■ What you need to do ■
Copy each line of the entries that includes the word "para".

■ Stored items from a collection ■
*****
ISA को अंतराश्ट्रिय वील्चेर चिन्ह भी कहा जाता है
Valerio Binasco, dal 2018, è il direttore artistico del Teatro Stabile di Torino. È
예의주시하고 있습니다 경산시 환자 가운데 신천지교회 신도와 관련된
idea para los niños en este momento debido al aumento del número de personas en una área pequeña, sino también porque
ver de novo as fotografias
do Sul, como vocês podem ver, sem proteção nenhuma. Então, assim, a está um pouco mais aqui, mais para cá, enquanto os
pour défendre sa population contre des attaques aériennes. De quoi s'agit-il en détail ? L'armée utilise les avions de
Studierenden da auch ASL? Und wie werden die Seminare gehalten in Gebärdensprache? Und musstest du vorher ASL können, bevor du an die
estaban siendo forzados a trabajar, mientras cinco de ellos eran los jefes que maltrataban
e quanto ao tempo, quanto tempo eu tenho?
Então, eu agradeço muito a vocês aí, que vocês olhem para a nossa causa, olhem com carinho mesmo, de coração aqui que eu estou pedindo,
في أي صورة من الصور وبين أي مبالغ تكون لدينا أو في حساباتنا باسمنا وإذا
*****
■ Written answer ■
idea para los niños en este momento debido al aumento del número de personas en una área pequeña, sino también porque
do Sul, como vocês podem ver, sem proteção nenhuma. Então, assim, a está um pouco mais aqui, mais para cá, enquanto os
Então, eu agradeço muito a vocês aí, que vocês olhem para a nossa causa, olhem com carinho mesmo, de coração aqui que eu estou pedindo,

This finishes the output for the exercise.